Stored items:
===============
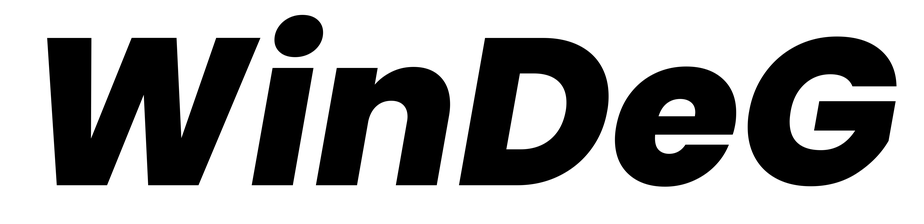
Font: Poppins-ExtraBoldItalic
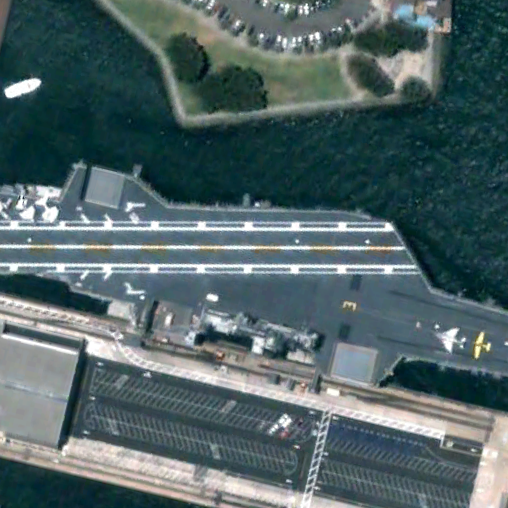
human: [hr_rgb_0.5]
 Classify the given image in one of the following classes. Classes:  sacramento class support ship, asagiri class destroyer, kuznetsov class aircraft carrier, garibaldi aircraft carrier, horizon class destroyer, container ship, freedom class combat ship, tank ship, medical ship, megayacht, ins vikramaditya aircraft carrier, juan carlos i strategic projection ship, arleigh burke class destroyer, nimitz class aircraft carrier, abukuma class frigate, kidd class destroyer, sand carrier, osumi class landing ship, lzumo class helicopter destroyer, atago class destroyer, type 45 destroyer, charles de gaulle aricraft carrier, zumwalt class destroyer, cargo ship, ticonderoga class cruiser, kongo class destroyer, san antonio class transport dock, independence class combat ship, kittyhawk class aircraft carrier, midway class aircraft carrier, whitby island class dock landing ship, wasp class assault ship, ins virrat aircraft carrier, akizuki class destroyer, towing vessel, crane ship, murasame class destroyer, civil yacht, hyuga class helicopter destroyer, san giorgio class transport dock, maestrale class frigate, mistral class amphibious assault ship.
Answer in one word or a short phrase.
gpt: Midway class aircraft carrier
===============
A verbatim copy of all the records, minus the pictures, is the expected answer.

Font: Poppins-ExtraBoldItalic
human: [hr_rgb_0.5]
 Classify the given image in one of the following classes. Classes:  sacramento class support ship, asagiri class destroyer, kuznetsov class aircraft carrier, garibaldi aircraft carrier, horizon class destroyer, container ship, freedom class combat ship, tank ship, medical ship, megayacht, ins vikramaditya aircraft carrier, juan carlos i strategic projection ship, arleigh burke class destroyer, nimitz class aircraft carrier, abukuma class frigate, kidd class destroyer, sand carrier, osumi class landing ship, lzumo class helicopter destroyer, atago class destroyer, type 45 destroyer, charles de gaulle aricraft carrier, zumwalt class destroyer, cargo ship, ticonderoga class cruiser, kongo class destroyer, san antonio class transport dock, independence class combat ship, kittyhawk class aircraft carrier, midway class aircraft carrier, whitby island class dock landing ship, wasp class assault ship, ins virrat aircraft carrier, akizuki class destroyer, towing vessel, crane ship, murasame class destroyer, civil yacht, hyuga class helicopter destroyer, san giorgio class transport dock, maestrale class frigate, mistral class amphibious assault ship.
Answer in one word or a short phrase.
gpt: Midway class aircraft carrier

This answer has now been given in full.